What to work on >> Write the records out exactly as shown. No pictures.

Records for processing >>
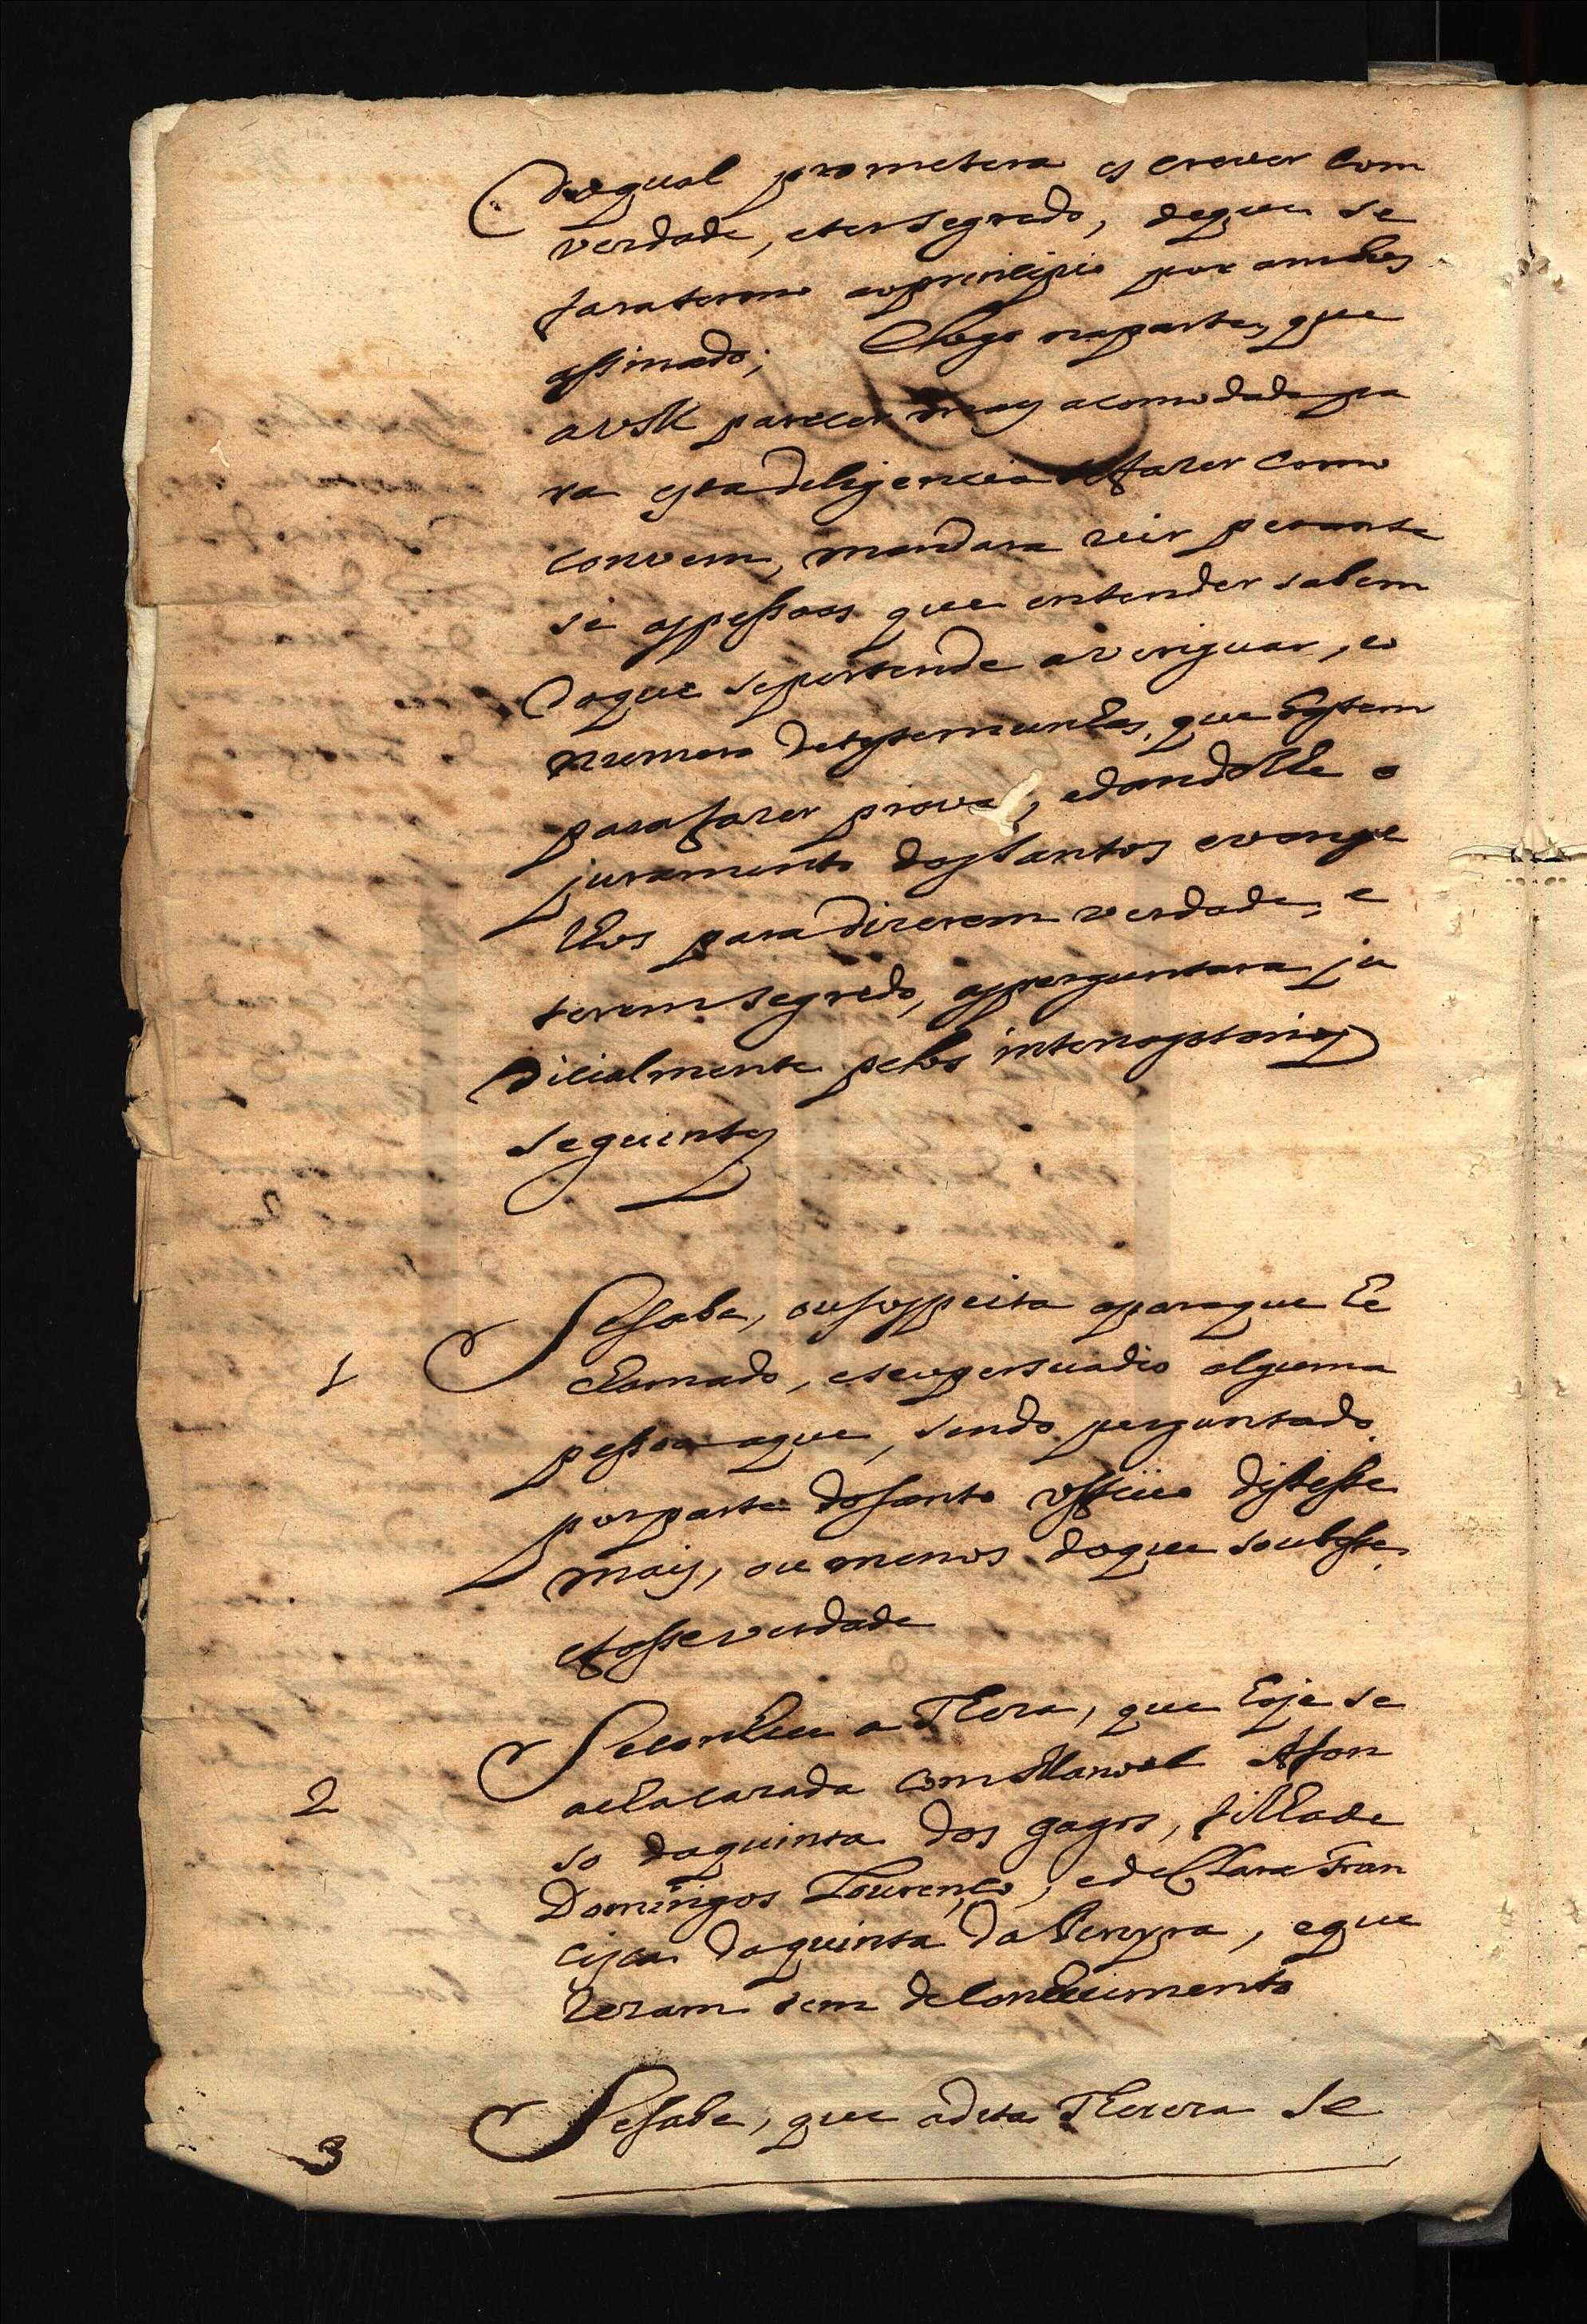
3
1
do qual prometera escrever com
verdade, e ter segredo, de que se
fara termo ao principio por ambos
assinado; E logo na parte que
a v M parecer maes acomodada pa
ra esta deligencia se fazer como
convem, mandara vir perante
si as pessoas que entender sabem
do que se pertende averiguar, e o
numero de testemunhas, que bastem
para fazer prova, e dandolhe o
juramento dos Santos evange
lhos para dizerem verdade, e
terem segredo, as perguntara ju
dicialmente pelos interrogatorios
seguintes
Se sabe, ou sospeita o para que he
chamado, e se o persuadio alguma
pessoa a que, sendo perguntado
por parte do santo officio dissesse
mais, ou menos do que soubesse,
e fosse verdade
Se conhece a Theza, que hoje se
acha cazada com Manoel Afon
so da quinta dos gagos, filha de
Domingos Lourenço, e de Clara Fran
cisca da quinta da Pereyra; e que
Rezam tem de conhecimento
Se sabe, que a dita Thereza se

Result for this task >>
3
1
do qual prometera escrever com
verdade, e ter segredo, de que se
fara termo ao principio por ambos
assinado; E logo na parte que
a v M parecer maes acomodada pa
ra esta deligencia se fazer como
convem, mandara vir perante
si as pessoas que entender sabem
do que se pertende averiguar, e o
numero de testemunhas, que bastem
para fazer prova, e dandolhe o
juramento dos Santos evange
lhos para dizerem verdade, e
terem segredo, as perguntara ju
dicialmente pelos interrogatorios
seguintes
Se sabe, ou sospeita o para que he
chamado, e se o persuadio alguma
pessoa a que, sendo perguntado
por parte do santo officio dissesse
mais, ou menos do que soubesse,
e fosse verdade
Se conhece a Theza, que hoje se
acha cazada com Manoel Afon
so da quinta dos gagos, filha de
Domingos Lourenço, e de Clara Fran
cisca da quinta da Pereyra; e que
Rezam tem de conhecimento
Se sabe, que a dita Thereza se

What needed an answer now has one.